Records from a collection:
========

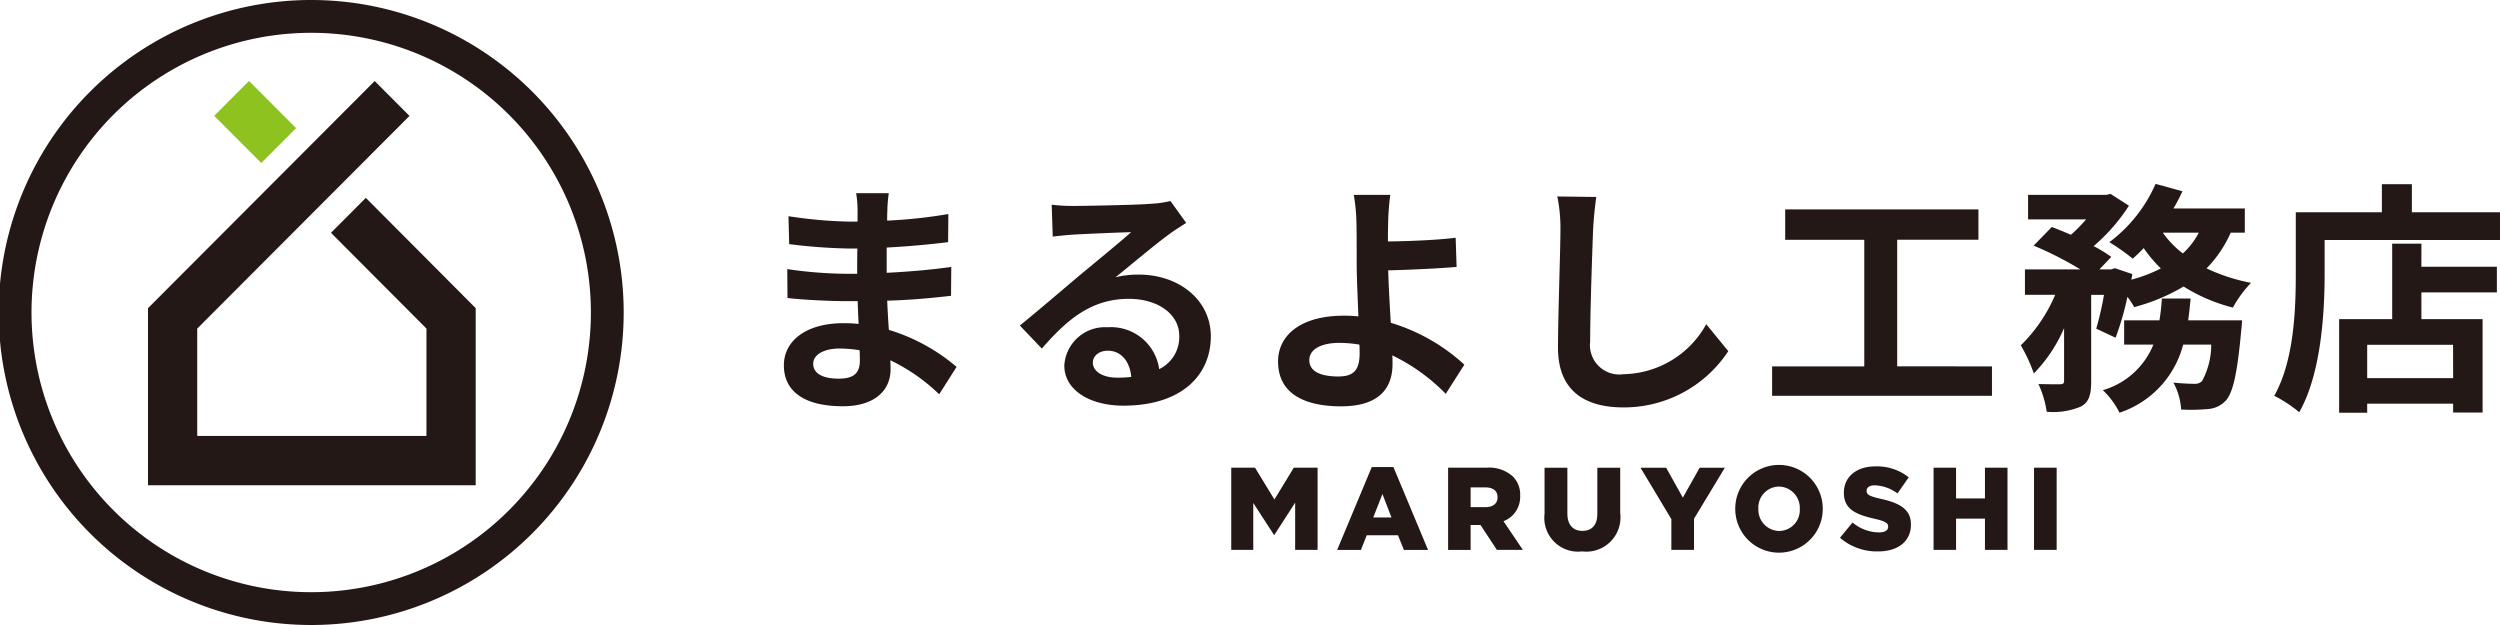 <svg id="logo" xmlns="http://www.w3.org/2000/svg" xmlns:xlink="http://www.w3.org/1999/xlink" width="160" height="40" viewBox="0 0 160 40">
  <defs>
    <clipPath id="clip-path">
      <rect id="長方形_59" data-name="長方形 59" width="160" height="40" fill="none"/>
    </clipPath>
  </defs>
  <g id="グループ_228" data-name="グループ 228" clip-path="url(#clip-path)">
    <path id="パス_906" data-name="パス 906" d="M19.959,40A20,20,0,1,1,39.916,20,20,20,0,0,1,19.959,40m0-37.9A17.9,17.9,0,1,0,37.817,20,17.9,17.9,0,0,0,19.959,2.1" fill="#231815"/>
    <path id="パス_907" data-name="パス 907" d="M30.445,31.058H9.471V19.724L23.979,5.187l2.228,2.231L12.623,21.029V27.9h14.67V21.029L21.183,14.9l2.23-2.237,7.032,7.059Z" fill="#231815"/>
    <path id="パス_908" data-name="パス 908" d="M16.721,10.433l-3.012-3.02L15.935,5.18,18.95,8.2Z" fill="#8dc21f"/>
    <path id="パス_909" data-name="パス 909" d="M56.794,13.477c-.015.158-.015.392-.015.643a31.949,31.949,0,0,0,3.916-.422l-.015,1.8c-1.021.126-2.431.267-3.932.345v1.616c1.563-.079,2.88-.2,4.134-.376l-.016,1.849c-1.394.158-2.6.267-4.087.313.03.6.061,1.24.109,1.867a12.084,12.084,0,0,1,4.333,2.368l-1.113,1.755a11.864,11.864,0,0,0-3.128-2.179c.016.22.016.408.016.581C57,24.971,55.99,26,53.947,26c-2.477,0-3.779-.956-3.779-2.617,0-1.585,1.44-2.7,3.825-2.7a9.169,9.169,0,0,1,.96.048c-.031-.487-.046-.988-.063-1.458h-.805c-.9,0-2.663-.079-3.685-.2l-.015-1.851a27.054,27.054,0,0,0,3.731.3h.743c0-.518,0-1.082.015-1.616H54.3a35.131,35.131,0,0,1-3.792-.282l-.046-1.788a28.537,28.537,0,0,0,3.822.346h.6v-.737a6.367,6.367,0,0,0-.093-1.082h2.091a10.166,10.166,0,0,0-.094,1.112M53.668,24.234c.82,0,1.362-.236,1.362-1.144,0-.172,0-.393-.016-.675a8.442,8.442,0,0,0-1.269-.109c-1.1,0-1.7.439-1.7.972,0,.595.557.956,1.626.956" fill="#231815"/>
    <path id="パス_910" data-name="パス 910" d="M68.717,13.179c.82,0,4.132-.063,5.015-.142a6.528,6.528,0,0,0,1.177-.172l1.006,1.4c-.357.235-.728.455-1.084.722-.836.6-2.462,1.974-3.437,2.759a6,6,0,0,1,1.471-.173c2.632,0,4.628,1.662,4.628,3.951,0,2.477-1.856,4.438-5.6,4.438-2.151,0-3.777-1-3.777-2.571a2.607,2.607,0,0,1,2.771-2.446,3.109,3.109,0,0,1,3.3,2.68,2.276,2.276,0,0,0,1.285-2.132c0-1.41-1.394-2.367-3.22-2.367-2.369,0-3.917,1.27-5.574,3.183l-1.407-1.474c1.1-.894,2.972-2.494,3.884-3.262.868-.721,2.477-2.037,3.236-2.712-.79.015-2.925.109-3.746.157-.417.031-.913.078-1.27.125L67.308,13.1a10.564,10.564,0,0,0,1.409.078M71.5,24.17a8.1,8.1,0,0,0,.9-.046c-.093-1.019-.666-1.679-1.5-1.679-.587,0-.958.361-.958.754,0,.58.634.971,1.563.971" fill="#231815"/>
    <path id="パス_911" data-name="パス 911" d="M88.844,14.308c-.016.36-.016.737-.016,1.145,1.239-.015,3.049-.079,4.334-.236l.061,1.867c-1.3.109-3.126.188-4.379.219.03.94.092,2.195.169,3.356a12.107,12.107,0,0,1,4.706,2.68l-1.191,1.867a12.1,12.1,0,0,0-3.421-2.462c.015.2.015.392.015.549,0,1.4-.7,2.712-3.3,2.712-2.213,0-4.026-.737-4.026-2.869,0-1.631,1.379-2.932,4.226-2.932a8.779,8.779,0,0,1,.914.046c-.046-1.222-.108-2.556-.108-3.387,0-.955,0-1.88-.015-2.555a11.592,11.592,0,0,0-.171-1.835h2.337a15.307,15.307,0,0,0-.138,1.835M85.67,24.093c.991,0,1.346-.439,1.346-1.491,0-.14,0-.328-.015-.548a8.153,8.153,0,0,0-1.27-.11c-1.207,0-1.935.424-1.935,1.1,0,.767.791,1.051,1.874,1.051" fill="#231815"/>
    <path id="パス_912" data-name="パス 912" d="M101.957,14.7c-.061,1.693-.186,5.206-.186,7.149a1.882,1.882,0,0,0,2.137,2.1,6.181,6.181,0,0,0,5.293-3.2l1.409,1.725a7.992,7.992,0,0,1-6.718,3.6c-2.538,0-4.18-1.128-4.18-3.809,0-2.1.156-6.226.156-7.573a10.149,10.149,0,0,0-.2-2.118l2.493.032c-.093.659-.171,1.459-.2,2.086" fill="#231815"/>
    <path id="パス_913" data-name="パス 913" d="M127.486,23.449v1.882H113.414V23.449h5.9v-8.1h-5.061V13.4H126.62v1.945h-5.2v8.1Z" fill="#231815"/>
    <path id="パス_914" data-name="パス 914" d="M142.767,14.889a7.752,7.752,0,0,1-1.548,2.289,11.968,11.968,0,0,0,2.848.925,7.174,7.174,0,0,0-1.16,1.583,11.022,11.022,0,0,1-3.158-1.349,12.286,12.286,0,0,1-3.159,1.318,5.632,5.632,0,0,0-.434-.658,18.3,18.3,0,0,1-.758,2.617l-1.238-.579a20.384,20.384,0,0,0,.495-2.164h-.82v5.52c0,.846-.123,1.348-.666,1.631a4.522,4.522,0,0,1-2.181.328,6.336,6.336,0,0,0-.528-1.771c.574.015,1.192.015,1.394.015.186-.015.247-.048.247-.236V21a9.493,9.493,0,0,1-1.935,2.9,10.5,10.5,0,0,0-.835-1.8,9.883,9.883,0,0,0,2.2-3.231h-1.935V17.24h3.544a22.279,22.279,0,0,0-2.987-1.52l1.161-1.192c.371.14.805.313,1.223.5a9.575,9.575,0,0,0,.975-.988h-3.715V12.473h5l.278-.063,1.177.754a11.678,11.678,0,0,1-2.26,2.587,8.731,8.731,0,0,1,1.13.69l-.759.8h.743l.248-.077,1.115.376-.063.36a9.269,9.269,0,0,0,1.889-.721,8.757,8.757,0,0,1-1.1-1.3,9.3,9.3,0,0,1-.7.675A13.886,13.886,0,0,0,135,15.5a9.321,9.321,0,0,0,2.956-3.732l1.719.472a10.732,10.732,0,0,1-.574,1.1h4.567v1.552Zm.728,5.612s-.031.486-.062.706c-.248,2.713-.526,3.92-.975,4.421a1.689,1.689,0,0,1-1.131.549,11.687,11.687,0,0,1-1.734.033,4.147,4.147,0,0,0-.495-1.725c.558.061,1.085.078,1.332.078a.632.632,0,0,0,.5-.172,4.85,4.85,0,0,0,.587-2.337h-1.795a6.235,6.235,0,0,1-4.072,4.359,5.227,5.227,0,0,0-1.068-1.443,4.981,4.981,0,0,0,3.235-2.916h-1.872V20.5h2.26a13.341,13.341,0,0,0,.154-1.395H140.2c-.046.471-.094.941-.156,1.395Zm-5.077-5.612a6.1,6.1,0,0,0,1.285,1.332,4.791,4.791,0,0,0,1.021-1.332Z" fill="#231815"/>
    <path id="パス_915" data-name="パス 915" d="M160,13.587v1.772H148.776v2.18c0,2.523-.232,6.4-1.625,8.843a8.53,8.53,0,0,0-1.6-1.051c1.269-2.241,1.379-5.535,1.379-7.792V13.587h5.51v-1.8h1.92v1.8Zm-5.032,3.482H159.8v1.646h-4.831v1.708h3.917V26.4H157v-.564h-5.5v.579h-1.795v-5.99H153.1V15.594h1.872Zm2.028,5H151.5V24.2H157Z" fill="#231815"/>
    <path id="パス_916" data-name="パス 916" d="M78.8,29.932h1.521l1.242,2.036,1.24-2.036h1.523v5.26H82.89V32.171l-1.329,2.06h-.029l-1.323-2.044v3.006H78.8Z" fill="#231815"/>
    <path id="パス_917" data-name="パス 917" d="M87.792,29.894H89.18l2.215,5.3H89.849l-.378-.939h-2l-.372.939H85.579Zm1.262,3.223-.578-1.5-.588,1.5Z" fill="#231815"/>
    <path id="パス_918" data-name="パス 918" d="M92.679,29.932h2.458a2.26,2.26,0,0,1,1.695.571,1.643,1.643,0,0,1,.459,1.225v.014a1.661,1.661,0,0,1-1.068,1.615l1.24,1.835H95.8L94.752,33.6H94.12v1.594H92.679Zm2.392,2.525c.491,0,.772-.24.772-.624v-.016c0-.413-.3-.624-.78-.624H94.12v1.264Z" fill="#231815"/>
    <path id="パス_919" data-name="パス 919" d="M98.851,32.885V29.933h1.461v2.923c0,.758.38,1.119.96,1.119s.957-.346.957-1.082v-2.96h1.465v2.915a2.187,2.187,0,0,1-2.437,2.442,2.16,2.16,0,0,1-2.406-2.405" fill="#231815"/>
    <path id="パス_920" data-name="パス 920" d="M106.967,33.224l-1.975-3.291h1.641l1.069,1.916,1.077-1.916h1.612L108.416,33.2v1.992h-1.449Z" fill="#231815"/>
    <path id="パス_921" data-name="パス 921" d="M111.056,32.578v-.015a2.8,2.8,0,0,1,5.6-.016v.016a2.8,2.8,0,0,1-5.6.015m4.131,0v-.015a1.361,1.361,0,0,0-1.337-1.422,1.335,1.335,0,0,0-1.314,1.406v.016a1.358,1.358,0,0,0,1.329,1.419,1.335,1.335,0,0,0,1.322-1.4" fill="#231815"/>
    <path id="パス_922" data-name="パス 922" d="M117.764,34.411l.8-.97a2.66,2.66,0,0,0,1.686.632c.386,0,.593-.135.593-.36V33.7c0-.219-.17-.339-.875-.5-1.108-.254-1.961-.57-1.961-1.652v-.016c0-.977.764-1.683,2.012-1.683a3.258,3.258,0,0,1,2.14.7l-.72,1.03a2.6,2.6,0,0,0-1.457-.518c-.349,0-.52.15-.52.338v.015c0,.241.178.345.9.51,1.194.264,1.938.655,1.938,1.639v.015c0,1.075-.84,1.713-2.1,1.713a3.6,3.6,0,0,1-2.435-.871" fill="#231815"/>
    <path id="パス_923" data-name="パス 923" d="M123.748,29.932h1.44V31.9h1.849V29.932h1.443v5.26h-1.443v-2h-1.849v2h-1.44Z" fill="#231815"/>
    <rect id="長方形_58" data-name="長方形 58" width="1.448" height="5.26" transform="translate(130.178 29.932)" fill="#231815"/>
  </g>
</svg>

========

What is required —
Count each line above in which the string "rect" appears, then state only the total.

Exercise solution —
2